Unnamed: 0,gen1_id,sex_assigned_at_birth,age,SHgt_cm
0,768,F,0.1,53.822825
1,768,F,0.25,61.455579


In [4]:
gen2_train.head(2)

Unnamed: 0,gen2_id,sex_assigned_at_birth,study_parent_sex,study_parent_id_new,AgeGr,SHgt_cm,Wgt_kg
0,3012,M,mother,636,0.1,56.251625,4.636903
1,3012,M,mother,636,0.25,64.491579,


In [5]:
gen2_test.head(2)

Unnamed: 0,gen2_id,sex_assigned_at_birth,study_parent_sex,study_parent_id_new,AgeGr,SHgt_cm,Wgt_kg
0,2831,F,mother,455,0.1,52.912025,
1,2831,F,mother,455,0.25,59.532779,


In [6]:
def preprocess_dataframe(df: pd.DataFrame, generation: int, cols_to_drop = ["Wgt_kg"]) -> pd.DataFrame:

    df = df.copy()

    # Column renaming mappings
    column_renaming = {
        1: {"gen1_id": "person_id", "SHgt_cm": "height_cm", "age": "AgeGr"},
        2: {"gen2_id": "person_id", "SHgt_cm": "height_cm"}
    }

    # Apply column renaming if applicable
    if generation in column_renaming:
        df = df.rename(columns=column_renaming[generation])

    # Encoding mappings for categorical variables
    encoding_mappings = {
        "sex_assigned_at_birth": {'M': 1, 'F': 0},
        "study_parent_sex": {'mother': 1, 'father': 0}
    }

    # Apply encoding if columns exist
    for col, mapping in encoding_mappings.items():
        if col in df.columns:
            df[col] = df[col].map(mapping)

    # Add the generation column
    df["generation"] = generation

    for col in cols_to_drop:
        if col in df.columns:
            df.drop(columns=[col], inplace=True)

    return df

def filter_by_age(df: pd.DataFrame, age_col: str, age_cutoff: float) -> pd.DataFrame:
    return df[df[age_col] <= age_cutoff].copy()


def impute_time_series_LEGACY(df, group_col, time_col, value_col, interpolation_range=(9, 18), knn_neighbors=5, min_valid_entries=3):

    df = df.copy()

    # Polynomial Interpolation
    def polynomial_interpolation(group):
        mask = (group[time_col] >= interpolation_range[0]) & (group[time_col] <= interpolation_range[1])
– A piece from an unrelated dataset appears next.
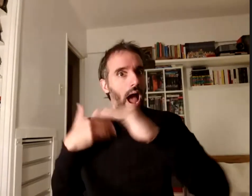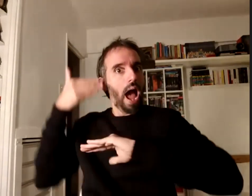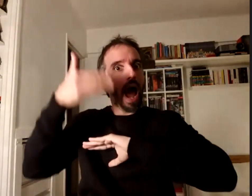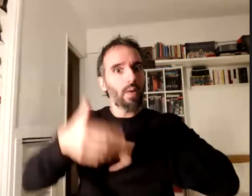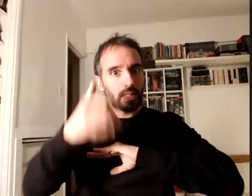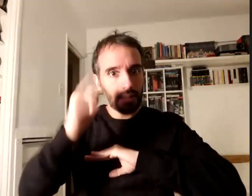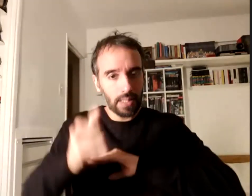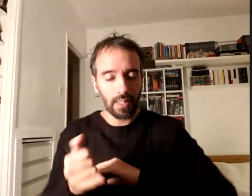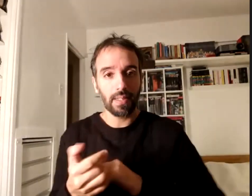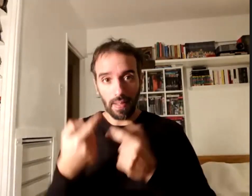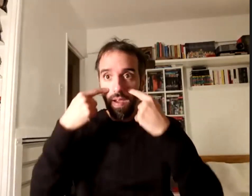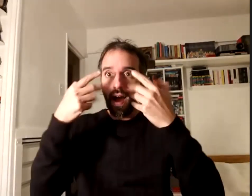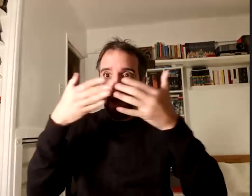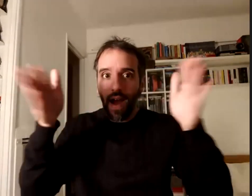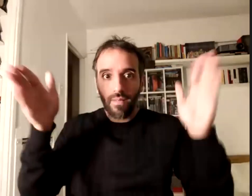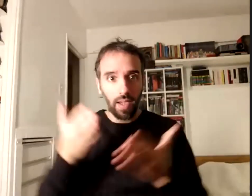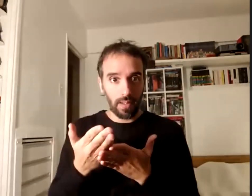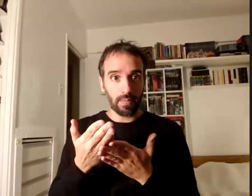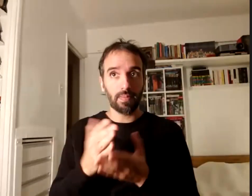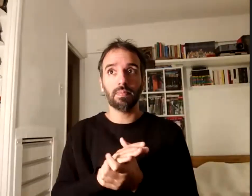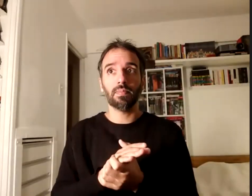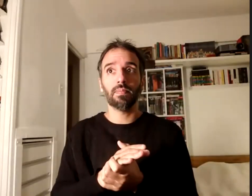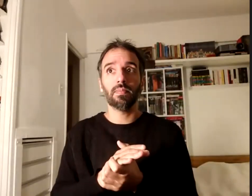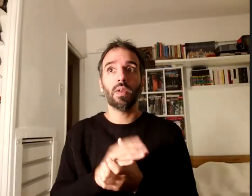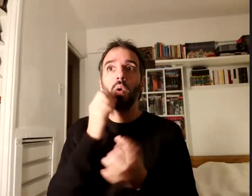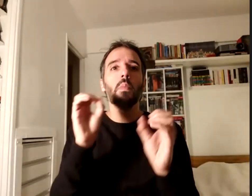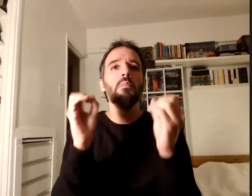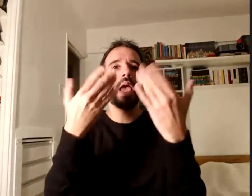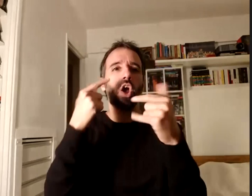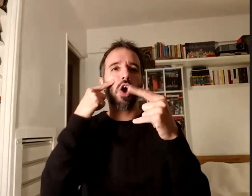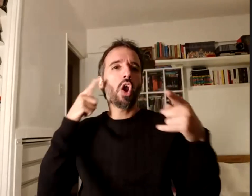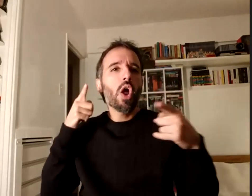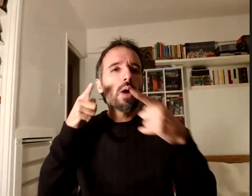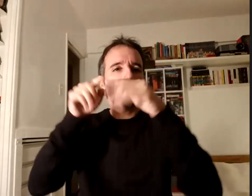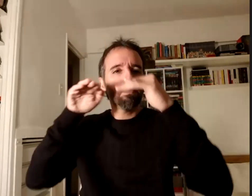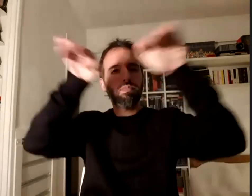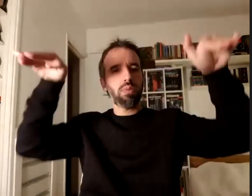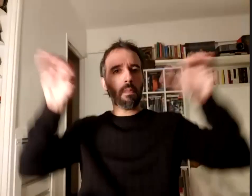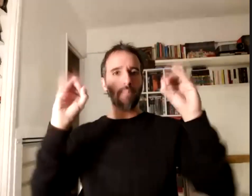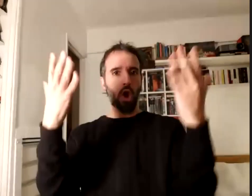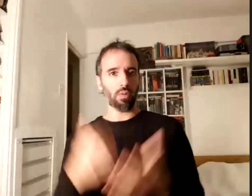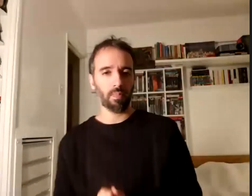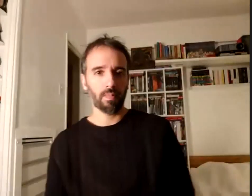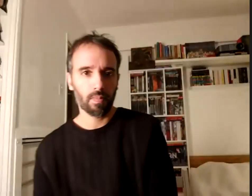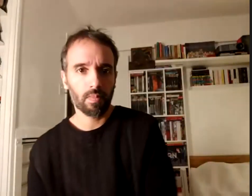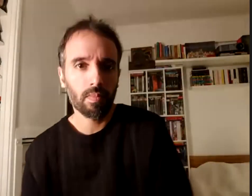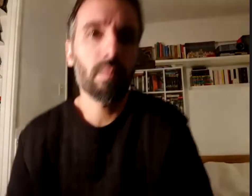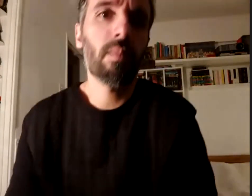haber para los viejas un mejor horizonte me gustaría contar más anécdotas pero bueno no importa

        if mask.sum() >= 3:  # Ensure at least 3 points to fit a polynomial
            try:
                group.loc[mask, value_col] = group.loc[mask, value_col].interpolate(method="polynomial", order=2)
            except ValueError:  # If polynomial interpolation fails, use linear interpolation
                group.loc[mask, value_col] = group.loc[mask, value_col].interpolate(method="linear")
        else:
            group.loc[mask, value_col] = group.loc[mask, value_col].interpolate(method="linear")

        return group

    df = df.groupby(group_col, group_keys=False).apply(polynomial_interpolation).reset_index(drop=True)

    # KNN Imputation
    knn_imputer = KNNImputer(n_neighbors=knn_neighbors, weights="uniform")
    knn_data = df[[time_col, value_col]]
    df[f"{value_col}_imputed"] = knn_imputer.fit_transform(knn_data)[:, 1]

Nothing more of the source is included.